## Exercise
All of the data below should be printed again exactly, pictures excluded.
- - -
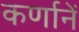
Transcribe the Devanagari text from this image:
कर्णानें
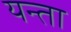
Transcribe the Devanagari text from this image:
यन्ता
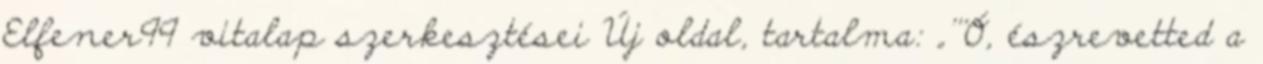
‎Elfener99 vitalap szerkesztései Új oldal, tartalma: „'''Ó, észrevetted a
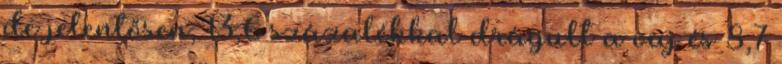
de jelentősen, 13,6 százalékkal drágult a vaj és 8,7
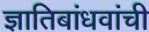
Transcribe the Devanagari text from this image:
ज्ञातिबांधवांची
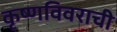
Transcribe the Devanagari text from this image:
कृष्णविवराची
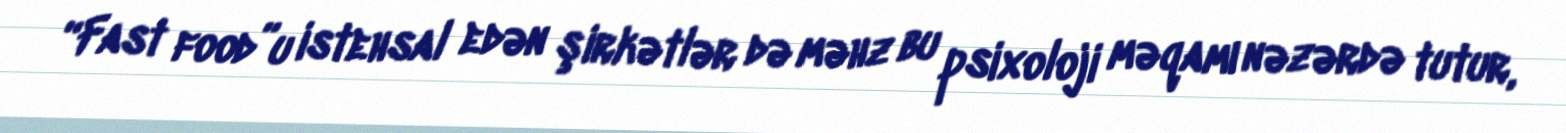
“Fast food”u istehsal edən şirkətlər də məhz bu psixoloji məqamı nəzərdə tutur,
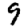
Digit: 9
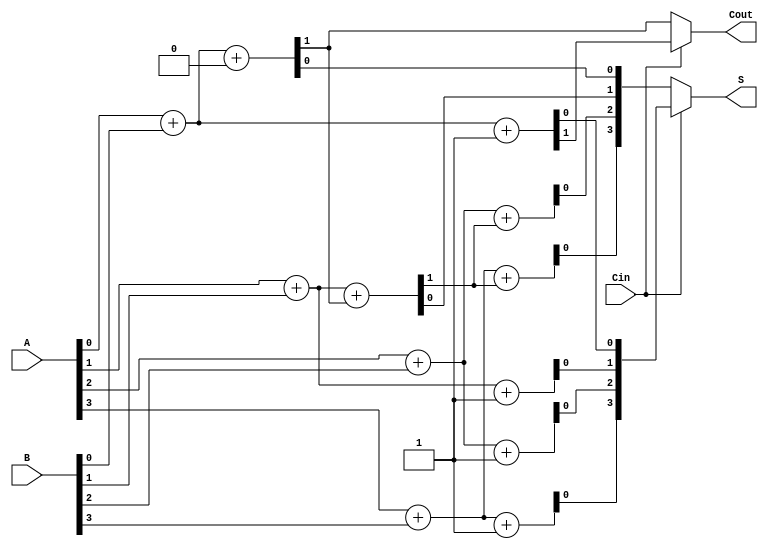
module DynamicCarrySelectAdder (
    input [3:0] A,      // 4-bit input A
    input [3:0] B,      // 4-bit input B
    input Cin,          // Carry-in
    output [3:0] S,     // 4-bit sum output
    output Cout         // Carry-out
);

    wire [3:0] S0, S1;  // Sums for Cin = 0 and Cin = 1
    wire C0, C1;        // Carry-outs for Cin = 0 and Cin = 1
    wire C0_next;       // Carry-out for the next segment

    // First segment (LSB)
    assign {C0, S0[0]} = A[0] + B[0] + 0; // When Cin = 0
    assign {C1, S1[0]} = A[0] + B[0] + 1; // When Cin = 1

    // Second segment
    assign {C0_next, S0[1]} = A[1] + B[1] + C0; // When Cin = C0
    assign {C1, S1[1]} = A[1] + B[1] + 1; // When Cin = 1

    // Third segment
    assign {C0_next, S0[2]} = A[2] + B[2] + C0_next; // When Cin = C0_next
    assign {C1, S1[2]} = A[2] + B[2] + 1; // When Cin = 1

    // Fourth segment (MSB)
    assign {C0_next, S0[3]} = A[3] + B[3] + C0_next; // When Cin = C0_next
    assign {C1, S1[3]} = A[3] + B[3] + 1; // When Cin = 1

    // MUX for selecting the final sum and carry-out
    assign S = Cin ? S1 : S0; // Select sum based on Cin
    assign Cout = Cin ? C1 : C0; // Select carry-out based on Cin

endmodule
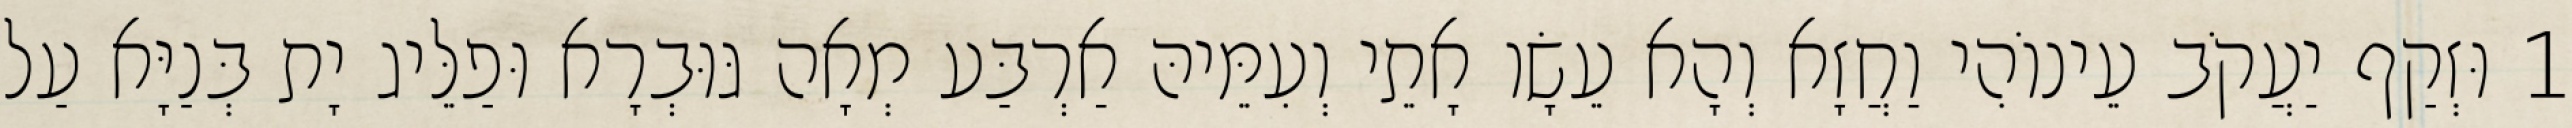
1 וּזְקַף יַעֲקֹב עֵינוֹהִי וַחֲזָא וְהָא עֵשָׂו אָתֵי וְעִמֵּיהּ אַרְבַּע מְאָה גּוּבְרָא וּפַלֵּיג יָת בְּנַיָּא עַל
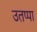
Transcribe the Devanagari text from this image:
उतप्पा
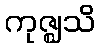
ကုဇ္ဈသိ
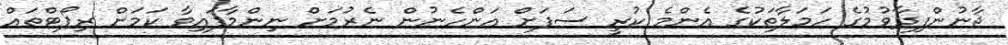
ޖާނުންފިދާވުމުގެ ހަމަލާތަކުގެ އެންމެ ކުރީ ސަފަށް އަންހެނުން ނެރުމަށް ނިންމާފައިވާ ކަމަށް ރިޕޯޓްތައް
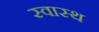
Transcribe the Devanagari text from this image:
स्‍वास्थ
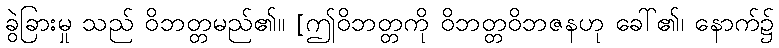
ခွဲခြားမှု သည် ဝိဘတ္တမည်၏။ [ဤဝိဘတ္တကို ဝိဘတ္တဝိဘဇနဟု ခေါ်၏၊ နောက်၌
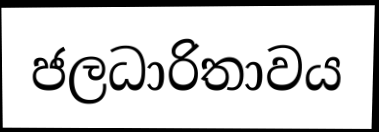
ජලධාරිතාවය
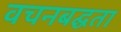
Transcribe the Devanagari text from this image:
वचनबद्घता
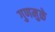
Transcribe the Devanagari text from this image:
गुणमुळे
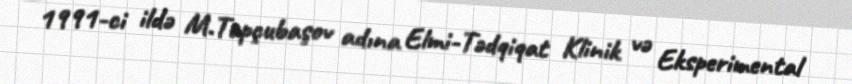
1991-ci ildə M.Topçubaşov adına Elmi-Tədqiqat Klinik və Eksperimental
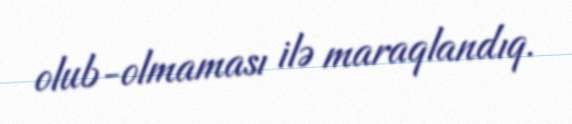
olub-olmaması ilə maraqlandıq.
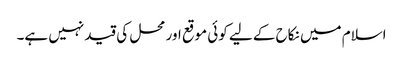
اسلام میں نکاح کے لیے کوئی موقع اور محل کی قید نہیں ہے۔
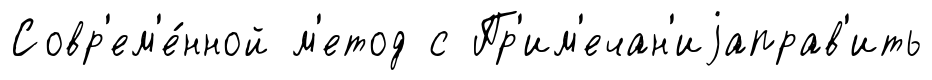
Совр'ем'е́нной м'етод с Пр'им'ечан'иjаправ'ить
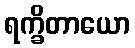
ရက္ခိတာယော
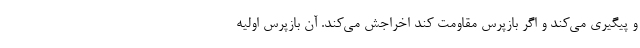
و پیگیری می‌کند و اگر بازپرس مقاومت کند اخراجش می‌کند. آن بازپرس اولیه
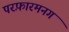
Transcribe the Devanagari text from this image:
परफ़ारमनग
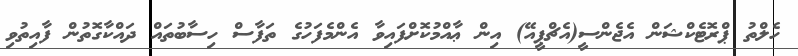
ހެލްތު ޕްރޮޓެކްޝަން އެޖެންސީ(އެޗްޕީއޭ) އިން ޢާއްމުކޮށްފައިވާ އެންމެފަހުގެ ތަފާސް ހިސާބުތައް ދައްކާގޮތުން ފާއިތުވި
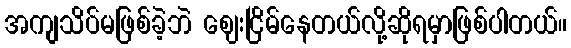
အကျသိပ်မဖြစ်ခဲ့ဘဲ ဈေးငြိမ်နေတယ်လို့ဆိုရမှာဖြစ်ပါတယ်။
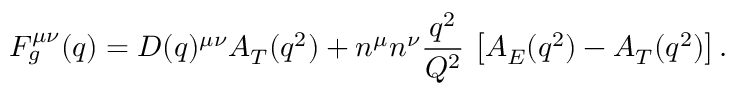
F _ { g } ^ { \mu \nu } ( q ) = D ( q ) ^ { \mu \nu } A _ { T } ( q ^ { 2 } ) + n ^ { \mu } n ^ { \nu } { \frac { q ^ { 2 } } { { \cal Q } ^ { 2 } } } \, \left[ A _ { E } ( q ^ { 2 } ) - A _ { T } ( q ^ { 2 } ) \right] .
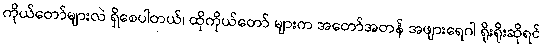
ကိုယ်တော်များလဲ ရှိစေပါတယ်၊ ထိုကိုယ်တော် များက အတော်အတန် အဖျားရေဂါ ရိုးရိုးဆိုရင်
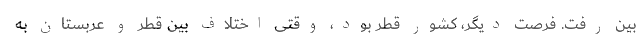
بین رفت. فرصت دیگر، کشور قطر بود، وقتی اختلاف بین قطر و عربستان به
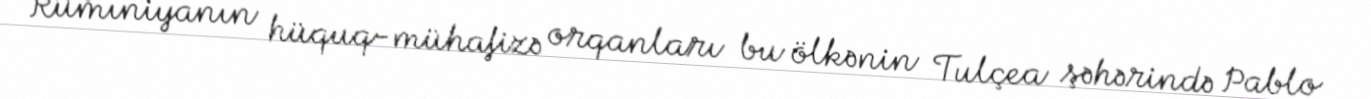
Rumıniyanın hüquq-mühafizə orqanları bu ölkənin Tulçea şəhərində Pablo
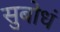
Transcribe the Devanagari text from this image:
सुबोधं
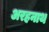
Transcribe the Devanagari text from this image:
अरहनाथ
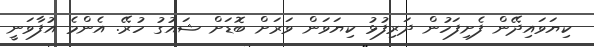
ކިޔަވައިދޭން ފެށިފަހުން ދަރިފުޅު ކިޔަވަން ވަރަށް ބޮޑަށް ޝައުގު ހުރޭ. އެންމެ އުފާވަނީ
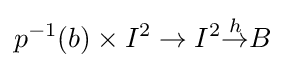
- - -
## Worked solution
Transcribe the Devanagari text from this image:
कर्णानें
Transcribe the Devanagari text from this image:
यन्ता
‎Elfener99 vitalap szerkesztései Új oldal, tartalma: „'''Ó, észrevetted a
de jelentősen, 13,6 százalékkal drágult a vaj és 8,7
Transcribe the Devanagari text from this image:
ज्ञातिबांधवांची
Transcribe the Devanagari text from this image:
कृष्णविवराची
“Fast food”u istehsal edən şirkətlər də məhz bu psixoloji məqamı nəzərdə tutur,
Digit: 9
module DynamicCarrySelectAdder (
    input [3:0] A,      // 4-bit input A
    input [3:0] B,      // 4-bit input B
    input Cin,          // Carry-in
    output [3:0] S,     // 4-bit sum output
    output Cout         // Carry-out
);

    wire [3:0] S0, S1;  // Sums for Cin = 0 and Cin = 1
    wire C0, C1;        // Carry-outs for Cin = 0 and Cin = 1
    wire C0_next;       // Carry-out for the next segment

    // First segment (LSB)
    assign {C0, S0[0]} = A[0] + B[0] + 0; // When Cin = 0
    assign {C1, S1[0]} = A[0] + B[0] + 1; // When Cin = 1

    // Second segment
    assign {C0_next, S0[1]} = A[1] + B[1] + C0; // When Cin = C0
    assign {C1, S1[1]} = A[1] + B[1] + 1; // When Cin = 1

    // Third segment
    assign {C0_next, S0[2]} = A[2] + B[2] + C0_next; // When Cin = C0_next
    assign {C1, S1[2]} = A[2] + B[2] + 1; // When Cin = 1

    // Fourth segment (MSB)
    assign {C0_next, S0[3]} = A[3] + B[3] + C0_next; // When Cin = C0_next
    assign {C1, S1[3]} = A[3] + B[3] + 1; // When Cin = 1

    // MUX for selecting the final sum and carry-out
    assign S = Cin ? S1 : S0; // Select sum based on Cin
    assign Cout = Cin ? C1 : C0; // Select carry-out based on Cin

endmodule
1 וּזְקַף יַעֲקֹב עֵינוֹהִי וַחֲזָא וְהָא עֵשָׂו אָתֵי וְעִמֵּיהּ אַרְבַּע מְאָה גּוּבְרָא וּפַלֵּיג יָת בְּנַיָּא עַל
Transcribe the Devanagari text from this image:
उतप्पा
ကုဇ္ဈသိ
ޖާނުންފިދާވުމުގެ ހަމަލާތަކުގެ އެންމެ ކުރީ ސަފަށް އަންހެނުން ނެރުމަށް ނިންމާފައިވާ ކަމަށް ރިޕޯޓްތައް
Transcribe the Devanagari text from this image:
स्‍वास्थ
ခွဲခြားမှု သည် ဝိဘတ္တမည်၏။ [ဤဝိဘတ္တကို ဝိဘတ္တဝိဘဇနဟု ခေါ်၏၊ နောက်၌
ජලධාරිතාවය
Transcribe the Devanagari text from this image:
वचनबद्घता
Transcribe the Devanagari text from this image:
गुणमुळे
1991-ci ildə M.Topçubaşov adına Elmi-Tədqiqat Klinik və Eksperimental
olub-olmaması ilə maraqlandıq.
اسلام میں نکاح کے لیے کوئی موقع اور محل کی قید نہیں ہے۔
Совр'ем'е́нной м'етод с Пр'им'ечан'иjаправ'ить
ရက္ခိတာယော
و پیگیری می‌کند و اگر بازپرس مقاومت کند اخراجش می‌کند. آن بازپرس اولیه
Transcribe the Devanagari text from this image:
परफ़ारमनग
ހެލްތު ޕްރޮޓެކްޝަން އެޖެންސީ(އެޗްޕީއޭ) އިން ޢާއްމުކޮށްފައިވާ އެންމެފަހުގެ ތަފާސް ހިސާބުތައް ދައްކާގޮތުން ފާއިތުވި
အကျသိပ်မဖြစ်ခဲ့ဘဲ ဈေးငြိမ်နေတယ်လို့ဆိုရမှာဖြစ်ပါတယ်။
F _ { g } ^ { \mu \nu } ( q ) = D ( q ) ^ { \mu \nu } A _ { T } ( q ^ { 2 } ) + n ^ { \mu } n ^ { \nu } { \frac { q ^ { 2 } } { { \cal Q } ^ { 2 } } } \, \left[ A _ { E } ( q ^ { 2 } ) - A _ { T } ( q ^ { 2 } ) \right] .
ကိုယ်တော်များလဲ ရှိစေပါတယ်၊ ထိုကိုယ်တော် များက အတော်အတန် အဖျားရေဂါ ရိုးရိုးဆိုရင်
بین رفت. فرصت دیگر، کشور قطر بود، وقتی اختلاف بین قطر و عربستان به
Rumıniyanın hüquq-mühafizə orqanları bu ölkənin Tulçea şəhərində Pablo
Transcribe the Devanagari text from this image:
सुबोधं
Transcribe the Devanagari text from this image:
अरहनाथ
ކިޔަވައިދޭން ފެށިފަހުން ދަރިފުޅު ކިޔަވަން ވަރަށް ބޮޑަށް ޝައުގު ހުރޭ. އެންމެ އުފާވަނީ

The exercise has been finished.